Hounding you at this stage, forgive me! Your advice is just what I need to hear & very helpful.

A new picture (must not be from the same night, can see she's in another dress) has been put up in her profile picture, of again the 2 of them. To be fare, they both do look lovely, do you still agree on the remark you made to the other pictures? about needing see action & reactions & that? Attached the new picture.....it looks to me, he's very,very happy.

You said in your last email "If you get in there however you can help him to see what's real and what's not. But you can't do that by playing games, hinting, hiding, etc. That's when he'll fall right back into the sanctuary of his "relationship" ". The thing is though he works in my local supermarket, the chances of us seeing one another, never mind chatting would be sadly slim to none, not much hope of it happening. His facebook last time I saw it, he's looks to be job hunting but how things are here in Ireland. Mite not be that easy to get a new one. Maybe still working away in my local supermarket, wouldn't know for sure.

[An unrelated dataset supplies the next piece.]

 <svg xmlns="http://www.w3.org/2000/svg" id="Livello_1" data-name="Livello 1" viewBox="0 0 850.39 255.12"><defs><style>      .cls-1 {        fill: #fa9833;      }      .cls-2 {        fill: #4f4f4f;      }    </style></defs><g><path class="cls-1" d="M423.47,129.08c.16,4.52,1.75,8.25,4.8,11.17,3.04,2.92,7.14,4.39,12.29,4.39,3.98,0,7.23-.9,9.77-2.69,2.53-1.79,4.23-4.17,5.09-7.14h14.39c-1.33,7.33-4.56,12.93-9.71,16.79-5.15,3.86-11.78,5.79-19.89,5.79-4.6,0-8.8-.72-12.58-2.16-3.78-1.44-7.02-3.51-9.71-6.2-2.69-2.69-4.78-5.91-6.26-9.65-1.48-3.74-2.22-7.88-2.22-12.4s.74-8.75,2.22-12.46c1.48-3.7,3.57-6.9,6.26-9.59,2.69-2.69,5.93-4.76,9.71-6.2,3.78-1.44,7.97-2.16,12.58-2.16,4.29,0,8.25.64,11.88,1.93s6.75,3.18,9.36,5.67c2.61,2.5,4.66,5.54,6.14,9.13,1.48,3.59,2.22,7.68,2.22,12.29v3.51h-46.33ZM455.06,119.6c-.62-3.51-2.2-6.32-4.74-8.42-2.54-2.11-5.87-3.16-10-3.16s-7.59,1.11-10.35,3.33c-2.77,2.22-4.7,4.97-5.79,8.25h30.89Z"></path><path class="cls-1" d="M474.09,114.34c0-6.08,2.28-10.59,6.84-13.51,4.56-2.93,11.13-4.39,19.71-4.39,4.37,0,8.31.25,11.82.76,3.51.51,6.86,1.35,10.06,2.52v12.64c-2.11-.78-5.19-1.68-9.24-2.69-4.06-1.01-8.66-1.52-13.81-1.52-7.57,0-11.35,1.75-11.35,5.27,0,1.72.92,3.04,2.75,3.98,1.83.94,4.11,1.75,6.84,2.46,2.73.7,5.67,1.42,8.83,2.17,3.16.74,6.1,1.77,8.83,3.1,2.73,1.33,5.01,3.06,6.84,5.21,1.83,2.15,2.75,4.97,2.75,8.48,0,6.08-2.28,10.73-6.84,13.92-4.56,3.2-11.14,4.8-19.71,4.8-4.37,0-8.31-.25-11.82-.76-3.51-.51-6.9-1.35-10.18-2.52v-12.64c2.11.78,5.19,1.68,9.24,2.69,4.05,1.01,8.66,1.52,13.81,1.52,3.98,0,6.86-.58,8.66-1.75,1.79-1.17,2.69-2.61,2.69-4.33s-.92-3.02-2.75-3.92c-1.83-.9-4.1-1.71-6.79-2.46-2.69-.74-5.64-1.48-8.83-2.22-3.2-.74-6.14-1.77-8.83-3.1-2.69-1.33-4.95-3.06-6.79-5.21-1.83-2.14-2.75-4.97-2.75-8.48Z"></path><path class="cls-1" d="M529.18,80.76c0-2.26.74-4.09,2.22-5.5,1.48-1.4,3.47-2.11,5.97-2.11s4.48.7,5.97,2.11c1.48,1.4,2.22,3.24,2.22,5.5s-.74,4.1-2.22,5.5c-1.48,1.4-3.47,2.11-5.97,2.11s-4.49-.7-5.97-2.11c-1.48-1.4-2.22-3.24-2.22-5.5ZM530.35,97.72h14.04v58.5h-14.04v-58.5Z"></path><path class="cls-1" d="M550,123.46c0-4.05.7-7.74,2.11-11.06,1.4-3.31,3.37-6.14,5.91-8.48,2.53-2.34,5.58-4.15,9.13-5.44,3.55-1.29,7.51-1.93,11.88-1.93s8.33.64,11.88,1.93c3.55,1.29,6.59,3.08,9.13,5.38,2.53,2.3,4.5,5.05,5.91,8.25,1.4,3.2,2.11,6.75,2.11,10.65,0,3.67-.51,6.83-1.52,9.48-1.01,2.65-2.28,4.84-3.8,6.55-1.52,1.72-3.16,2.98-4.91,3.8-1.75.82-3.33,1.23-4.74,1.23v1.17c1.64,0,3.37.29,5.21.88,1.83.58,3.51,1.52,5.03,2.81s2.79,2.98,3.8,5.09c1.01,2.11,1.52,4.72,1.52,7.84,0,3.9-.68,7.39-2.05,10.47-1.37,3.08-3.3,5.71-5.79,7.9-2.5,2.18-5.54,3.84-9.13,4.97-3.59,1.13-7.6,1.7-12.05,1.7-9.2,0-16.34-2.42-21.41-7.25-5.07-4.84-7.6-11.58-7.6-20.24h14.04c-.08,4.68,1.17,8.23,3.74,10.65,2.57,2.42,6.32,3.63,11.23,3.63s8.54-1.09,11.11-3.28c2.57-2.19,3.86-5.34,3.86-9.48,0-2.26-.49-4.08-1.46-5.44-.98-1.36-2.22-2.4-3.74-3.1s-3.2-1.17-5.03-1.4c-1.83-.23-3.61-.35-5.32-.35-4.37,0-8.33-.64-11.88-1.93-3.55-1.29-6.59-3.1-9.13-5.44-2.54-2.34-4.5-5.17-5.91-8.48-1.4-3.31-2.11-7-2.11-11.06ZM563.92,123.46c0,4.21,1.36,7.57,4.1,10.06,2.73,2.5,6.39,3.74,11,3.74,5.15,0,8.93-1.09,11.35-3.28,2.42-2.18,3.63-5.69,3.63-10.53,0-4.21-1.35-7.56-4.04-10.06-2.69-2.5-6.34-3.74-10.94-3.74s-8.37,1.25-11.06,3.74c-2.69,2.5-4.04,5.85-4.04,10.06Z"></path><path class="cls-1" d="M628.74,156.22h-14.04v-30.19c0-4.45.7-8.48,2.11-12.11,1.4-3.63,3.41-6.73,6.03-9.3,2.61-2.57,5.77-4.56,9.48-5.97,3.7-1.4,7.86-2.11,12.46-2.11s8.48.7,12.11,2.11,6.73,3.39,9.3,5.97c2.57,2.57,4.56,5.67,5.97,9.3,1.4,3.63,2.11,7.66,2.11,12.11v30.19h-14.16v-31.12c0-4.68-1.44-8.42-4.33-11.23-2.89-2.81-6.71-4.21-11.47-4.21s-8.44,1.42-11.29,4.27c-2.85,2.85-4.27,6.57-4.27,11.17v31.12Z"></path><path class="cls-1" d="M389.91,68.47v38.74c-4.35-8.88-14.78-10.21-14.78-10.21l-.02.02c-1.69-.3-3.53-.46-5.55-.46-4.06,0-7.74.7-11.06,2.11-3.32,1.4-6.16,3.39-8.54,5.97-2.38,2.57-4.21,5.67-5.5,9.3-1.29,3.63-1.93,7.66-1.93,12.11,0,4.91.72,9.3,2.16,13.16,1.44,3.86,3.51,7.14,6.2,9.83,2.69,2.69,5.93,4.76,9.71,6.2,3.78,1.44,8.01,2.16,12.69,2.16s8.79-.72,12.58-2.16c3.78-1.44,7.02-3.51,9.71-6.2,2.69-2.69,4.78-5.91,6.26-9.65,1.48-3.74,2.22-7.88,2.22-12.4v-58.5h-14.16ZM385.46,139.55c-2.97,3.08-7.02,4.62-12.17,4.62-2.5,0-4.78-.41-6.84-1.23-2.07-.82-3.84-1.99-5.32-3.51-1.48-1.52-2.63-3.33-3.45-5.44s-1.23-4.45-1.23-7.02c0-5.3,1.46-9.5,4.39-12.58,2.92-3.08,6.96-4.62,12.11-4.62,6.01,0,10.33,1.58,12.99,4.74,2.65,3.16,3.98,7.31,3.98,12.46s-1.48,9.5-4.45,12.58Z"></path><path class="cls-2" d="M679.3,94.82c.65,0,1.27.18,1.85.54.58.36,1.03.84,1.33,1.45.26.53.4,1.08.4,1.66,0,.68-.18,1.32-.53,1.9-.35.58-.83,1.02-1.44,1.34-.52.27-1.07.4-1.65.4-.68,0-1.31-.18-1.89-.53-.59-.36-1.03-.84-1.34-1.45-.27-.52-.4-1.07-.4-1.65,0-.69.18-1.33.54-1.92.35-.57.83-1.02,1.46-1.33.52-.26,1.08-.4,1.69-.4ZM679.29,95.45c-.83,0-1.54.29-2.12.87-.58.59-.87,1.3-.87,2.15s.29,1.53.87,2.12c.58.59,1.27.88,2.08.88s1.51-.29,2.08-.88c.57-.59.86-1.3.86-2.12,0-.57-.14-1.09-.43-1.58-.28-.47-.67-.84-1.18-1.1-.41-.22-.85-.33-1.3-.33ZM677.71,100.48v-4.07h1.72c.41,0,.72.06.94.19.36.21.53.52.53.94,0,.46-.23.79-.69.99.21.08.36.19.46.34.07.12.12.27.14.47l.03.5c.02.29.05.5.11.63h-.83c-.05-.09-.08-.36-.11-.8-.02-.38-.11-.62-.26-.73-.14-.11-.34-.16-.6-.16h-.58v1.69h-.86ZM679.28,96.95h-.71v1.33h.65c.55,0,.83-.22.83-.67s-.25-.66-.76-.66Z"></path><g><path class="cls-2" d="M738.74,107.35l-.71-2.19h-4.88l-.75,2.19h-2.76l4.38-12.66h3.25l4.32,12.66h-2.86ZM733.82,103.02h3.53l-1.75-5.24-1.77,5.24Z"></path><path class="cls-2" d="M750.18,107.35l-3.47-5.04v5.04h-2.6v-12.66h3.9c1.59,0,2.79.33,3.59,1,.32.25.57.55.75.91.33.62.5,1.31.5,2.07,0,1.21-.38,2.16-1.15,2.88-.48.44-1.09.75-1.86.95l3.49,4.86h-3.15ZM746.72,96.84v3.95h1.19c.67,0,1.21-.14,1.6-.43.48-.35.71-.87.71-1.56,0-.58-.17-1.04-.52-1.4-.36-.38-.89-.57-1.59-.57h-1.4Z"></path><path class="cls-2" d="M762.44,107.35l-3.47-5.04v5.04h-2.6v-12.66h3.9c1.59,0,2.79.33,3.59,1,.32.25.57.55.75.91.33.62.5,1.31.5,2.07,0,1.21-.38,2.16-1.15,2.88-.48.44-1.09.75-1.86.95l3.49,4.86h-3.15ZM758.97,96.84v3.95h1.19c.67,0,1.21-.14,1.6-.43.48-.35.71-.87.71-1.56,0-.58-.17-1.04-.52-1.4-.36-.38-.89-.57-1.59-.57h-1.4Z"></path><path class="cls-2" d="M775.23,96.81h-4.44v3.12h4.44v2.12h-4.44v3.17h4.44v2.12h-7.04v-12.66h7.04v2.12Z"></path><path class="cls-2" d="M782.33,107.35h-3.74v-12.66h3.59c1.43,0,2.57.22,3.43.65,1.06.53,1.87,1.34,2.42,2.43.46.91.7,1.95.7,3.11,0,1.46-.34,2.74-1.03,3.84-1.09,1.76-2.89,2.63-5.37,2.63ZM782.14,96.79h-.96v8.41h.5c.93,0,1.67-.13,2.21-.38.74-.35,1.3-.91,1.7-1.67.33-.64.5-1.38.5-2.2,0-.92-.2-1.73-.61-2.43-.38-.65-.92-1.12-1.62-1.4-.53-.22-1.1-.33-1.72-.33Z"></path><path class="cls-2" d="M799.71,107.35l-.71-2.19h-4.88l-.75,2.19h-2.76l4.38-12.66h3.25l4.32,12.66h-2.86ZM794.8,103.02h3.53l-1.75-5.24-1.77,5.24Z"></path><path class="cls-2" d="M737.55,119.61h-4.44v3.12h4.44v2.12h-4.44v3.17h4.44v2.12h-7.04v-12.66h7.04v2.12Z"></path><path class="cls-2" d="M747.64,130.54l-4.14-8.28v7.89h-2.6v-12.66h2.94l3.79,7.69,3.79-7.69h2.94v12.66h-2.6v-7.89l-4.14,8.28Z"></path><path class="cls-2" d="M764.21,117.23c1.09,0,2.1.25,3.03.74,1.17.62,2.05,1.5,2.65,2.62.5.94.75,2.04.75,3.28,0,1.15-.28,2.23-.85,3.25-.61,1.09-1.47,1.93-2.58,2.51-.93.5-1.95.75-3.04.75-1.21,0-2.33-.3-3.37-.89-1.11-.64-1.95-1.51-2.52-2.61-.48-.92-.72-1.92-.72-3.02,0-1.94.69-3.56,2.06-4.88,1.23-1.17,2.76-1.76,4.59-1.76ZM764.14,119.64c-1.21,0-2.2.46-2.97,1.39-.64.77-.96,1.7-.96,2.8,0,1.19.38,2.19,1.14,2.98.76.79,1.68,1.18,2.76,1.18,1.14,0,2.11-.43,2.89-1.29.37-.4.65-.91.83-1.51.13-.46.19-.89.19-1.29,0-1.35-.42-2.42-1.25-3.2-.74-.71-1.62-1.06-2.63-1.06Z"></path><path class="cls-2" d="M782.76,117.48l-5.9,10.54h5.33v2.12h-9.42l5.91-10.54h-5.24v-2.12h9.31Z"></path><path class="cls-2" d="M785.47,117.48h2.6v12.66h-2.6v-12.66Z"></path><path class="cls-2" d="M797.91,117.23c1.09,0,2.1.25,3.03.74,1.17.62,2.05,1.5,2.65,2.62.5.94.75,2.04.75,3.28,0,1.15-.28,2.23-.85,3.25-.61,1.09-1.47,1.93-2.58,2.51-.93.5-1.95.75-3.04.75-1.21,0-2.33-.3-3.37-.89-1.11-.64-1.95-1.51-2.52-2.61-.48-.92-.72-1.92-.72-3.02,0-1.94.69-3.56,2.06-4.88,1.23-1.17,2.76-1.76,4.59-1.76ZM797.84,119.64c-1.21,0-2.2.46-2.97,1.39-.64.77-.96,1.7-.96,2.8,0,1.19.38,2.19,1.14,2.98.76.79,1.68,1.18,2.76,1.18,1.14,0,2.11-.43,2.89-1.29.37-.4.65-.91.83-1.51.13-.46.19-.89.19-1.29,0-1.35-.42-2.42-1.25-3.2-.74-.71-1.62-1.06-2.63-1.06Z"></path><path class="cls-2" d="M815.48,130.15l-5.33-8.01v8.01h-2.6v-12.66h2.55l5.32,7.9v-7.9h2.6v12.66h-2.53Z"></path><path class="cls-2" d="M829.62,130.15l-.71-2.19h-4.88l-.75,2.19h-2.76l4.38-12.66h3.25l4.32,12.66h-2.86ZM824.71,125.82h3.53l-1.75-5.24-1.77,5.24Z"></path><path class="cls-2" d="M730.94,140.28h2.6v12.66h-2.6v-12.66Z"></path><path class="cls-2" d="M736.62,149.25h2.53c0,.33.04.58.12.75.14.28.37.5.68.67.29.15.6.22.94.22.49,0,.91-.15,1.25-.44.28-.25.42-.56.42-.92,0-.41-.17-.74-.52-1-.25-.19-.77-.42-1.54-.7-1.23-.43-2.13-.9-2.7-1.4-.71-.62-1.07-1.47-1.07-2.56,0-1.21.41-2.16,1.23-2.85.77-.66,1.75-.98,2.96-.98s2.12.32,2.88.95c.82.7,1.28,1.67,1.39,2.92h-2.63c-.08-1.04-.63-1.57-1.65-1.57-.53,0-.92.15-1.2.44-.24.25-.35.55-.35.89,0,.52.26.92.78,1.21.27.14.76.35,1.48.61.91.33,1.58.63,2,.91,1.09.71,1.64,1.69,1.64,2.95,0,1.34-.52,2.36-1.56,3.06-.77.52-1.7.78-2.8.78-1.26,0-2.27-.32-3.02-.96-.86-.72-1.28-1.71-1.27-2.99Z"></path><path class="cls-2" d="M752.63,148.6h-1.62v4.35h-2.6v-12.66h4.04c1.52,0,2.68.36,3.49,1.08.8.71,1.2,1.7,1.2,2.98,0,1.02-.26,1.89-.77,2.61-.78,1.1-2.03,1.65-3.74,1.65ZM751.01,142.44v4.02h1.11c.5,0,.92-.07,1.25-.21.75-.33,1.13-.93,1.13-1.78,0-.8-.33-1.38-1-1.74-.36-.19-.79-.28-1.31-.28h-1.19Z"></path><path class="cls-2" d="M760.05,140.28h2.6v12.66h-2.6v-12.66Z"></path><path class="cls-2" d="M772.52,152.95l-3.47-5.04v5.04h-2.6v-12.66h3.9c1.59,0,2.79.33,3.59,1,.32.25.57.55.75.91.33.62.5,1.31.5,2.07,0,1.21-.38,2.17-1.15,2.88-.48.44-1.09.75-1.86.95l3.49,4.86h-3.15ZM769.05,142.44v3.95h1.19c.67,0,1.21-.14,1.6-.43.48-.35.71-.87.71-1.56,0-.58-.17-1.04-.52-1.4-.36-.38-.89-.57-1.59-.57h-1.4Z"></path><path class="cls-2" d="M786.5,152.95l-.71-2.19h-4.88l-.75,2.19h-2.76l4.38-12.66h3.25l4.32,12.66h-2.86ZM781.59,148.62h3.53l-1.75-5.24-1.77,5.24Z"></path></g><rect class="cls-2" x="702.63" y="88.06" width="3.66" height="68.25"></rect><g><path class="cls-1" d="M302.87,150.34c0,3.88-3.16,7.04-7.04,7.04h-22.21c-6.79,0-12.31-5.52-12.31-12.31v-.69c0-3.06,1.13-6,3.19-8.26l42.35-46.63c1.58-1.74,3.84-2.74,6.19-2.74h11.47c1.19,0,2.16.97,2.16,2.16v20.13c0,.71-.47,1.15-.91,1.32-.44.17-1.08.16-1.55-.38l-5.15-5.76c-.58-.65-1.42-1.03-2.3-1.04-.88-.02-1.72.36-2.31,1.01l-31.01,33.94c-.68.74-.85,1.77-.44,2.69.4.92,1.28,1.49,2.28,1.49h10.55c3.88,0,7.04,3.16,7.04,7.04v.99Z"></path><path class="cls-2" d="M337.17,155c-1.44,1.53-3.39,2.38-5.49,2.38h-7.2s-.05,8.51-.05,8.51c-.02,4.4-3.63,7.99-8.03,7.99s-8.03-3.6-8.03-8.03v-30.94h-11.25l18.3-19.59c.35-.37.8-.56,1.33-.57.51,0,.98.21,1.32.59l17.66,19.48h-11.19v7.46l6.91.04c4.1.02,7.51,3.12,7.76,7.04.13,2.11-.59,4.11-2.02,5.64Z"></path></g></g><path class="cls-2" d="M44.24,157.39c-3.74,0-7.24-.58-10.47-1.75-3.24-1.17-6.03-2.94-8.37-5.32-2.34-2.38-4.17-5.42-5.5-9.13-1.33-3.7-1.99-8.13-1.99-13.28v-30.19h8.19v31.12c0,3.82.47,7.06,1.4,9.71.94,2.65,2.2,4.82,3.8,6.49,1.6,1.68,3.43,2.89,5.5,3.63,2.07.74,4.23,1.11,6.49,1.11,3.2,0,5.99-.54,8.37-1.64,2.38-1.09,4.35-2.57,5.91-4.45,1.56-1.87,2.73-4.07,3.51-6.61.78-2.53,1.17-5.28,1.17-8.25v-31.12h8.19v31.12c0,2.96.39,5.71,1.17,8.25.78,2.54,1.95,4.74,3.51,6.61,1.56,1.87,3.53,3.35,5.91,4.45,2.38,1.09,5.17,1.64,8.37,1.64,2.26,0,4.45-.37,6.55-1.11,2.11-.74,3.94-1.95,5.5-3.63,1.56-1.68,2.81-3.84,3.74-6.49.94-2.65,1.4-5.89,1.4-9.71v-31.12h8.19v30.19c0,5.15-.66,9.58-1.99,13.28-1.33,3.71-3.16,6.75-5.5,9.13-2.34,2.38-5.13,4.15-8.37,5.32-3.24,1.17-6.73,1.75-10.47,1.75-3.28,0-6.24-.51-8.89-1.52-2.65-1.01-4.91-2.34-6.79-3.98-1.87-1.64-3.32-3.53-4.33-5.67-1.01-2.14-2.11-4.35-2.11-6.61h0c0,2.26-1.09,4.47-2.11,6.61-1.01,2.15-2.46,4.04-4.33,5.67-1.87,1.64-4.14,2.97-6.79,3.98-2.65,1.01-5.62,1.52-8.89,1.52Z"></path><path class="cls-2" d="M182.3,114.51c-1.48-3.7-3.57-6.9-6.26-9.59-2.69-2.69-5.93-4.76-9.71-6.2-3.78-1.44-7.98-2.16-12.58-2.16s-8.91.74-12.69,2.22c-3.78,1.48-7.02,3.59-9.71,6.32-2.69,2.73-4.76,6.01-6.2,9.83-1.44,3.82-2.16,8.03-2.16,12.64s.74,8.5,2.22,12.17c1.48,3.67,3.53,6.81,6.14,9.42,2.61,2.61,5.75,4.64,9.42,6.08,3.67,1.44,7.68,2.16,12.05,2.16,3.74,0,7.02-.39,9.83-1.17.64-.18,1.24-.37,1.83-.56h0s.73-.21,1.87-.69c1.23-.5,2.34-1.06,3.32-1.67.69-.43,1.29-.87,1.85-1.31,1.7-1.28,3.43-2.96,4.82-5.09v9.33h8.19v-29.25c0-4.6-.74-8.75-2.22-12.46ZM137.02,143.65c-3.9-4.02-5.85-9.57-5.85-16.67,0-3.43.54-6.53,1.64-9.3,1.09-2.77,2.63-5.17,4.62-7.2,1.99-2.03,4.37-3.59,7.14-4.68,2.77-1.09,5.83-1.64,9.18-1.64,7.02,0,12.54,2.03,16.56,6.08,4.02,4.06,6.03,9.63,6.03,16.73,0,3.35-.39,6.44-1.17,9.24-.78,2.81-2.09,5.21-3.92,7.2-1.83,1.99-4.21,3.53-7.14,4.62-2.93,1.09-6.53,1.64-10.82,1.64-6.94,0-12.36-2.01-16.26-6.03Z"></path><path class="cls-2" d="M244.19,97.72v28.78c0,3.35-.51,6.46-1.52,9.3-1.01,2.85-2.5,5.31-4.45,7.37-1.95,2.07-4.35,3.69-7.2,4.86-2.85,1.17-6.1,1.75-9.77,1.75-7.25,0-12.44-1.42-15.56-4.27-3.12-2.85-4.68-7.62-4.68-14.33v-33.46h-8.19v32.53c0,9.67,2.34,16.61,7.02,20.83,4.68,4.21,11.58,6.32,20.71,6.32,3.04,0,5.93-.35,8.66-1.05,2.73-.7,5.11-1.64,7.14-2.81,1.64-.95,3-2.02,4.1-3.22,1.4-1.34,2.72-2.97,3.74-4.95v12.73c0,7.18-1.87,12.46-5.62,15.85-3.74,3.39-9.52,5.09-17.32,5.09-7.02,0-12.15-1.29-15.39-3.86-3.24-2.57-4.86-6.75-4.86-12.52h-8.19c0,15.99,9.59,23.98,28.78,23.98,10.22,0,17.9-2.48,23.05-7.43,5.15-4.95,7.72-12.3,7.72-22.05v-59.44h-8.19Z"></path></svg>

So the only way of getting a hold of him, is by text, what can be said with out be seen as needy, pest etc..?
What can I do to  prevent me from not hidding etc... He heard from back in February & after that, not at all. Wouldn't that from his prospective, seen as, not interest in him? They say, if a guy is interested in you, he will find a way to get back in touch....& he hasn't. He is a thinker "will I, won't I" kind of guy shy & abite uncomfortable in his own skin....

If I didn't fall in love with the guy, would let him be.....but I have!

Thanks so much & again real appreciate your advice

ANSWER: Hello Julie-Ann!

If texting is your only means of contacting him (of course, you obviously have his number...hmmm... what else could you possibly used that for I wonder??) then that's what you have to use. Just know that it's the weakest possible option.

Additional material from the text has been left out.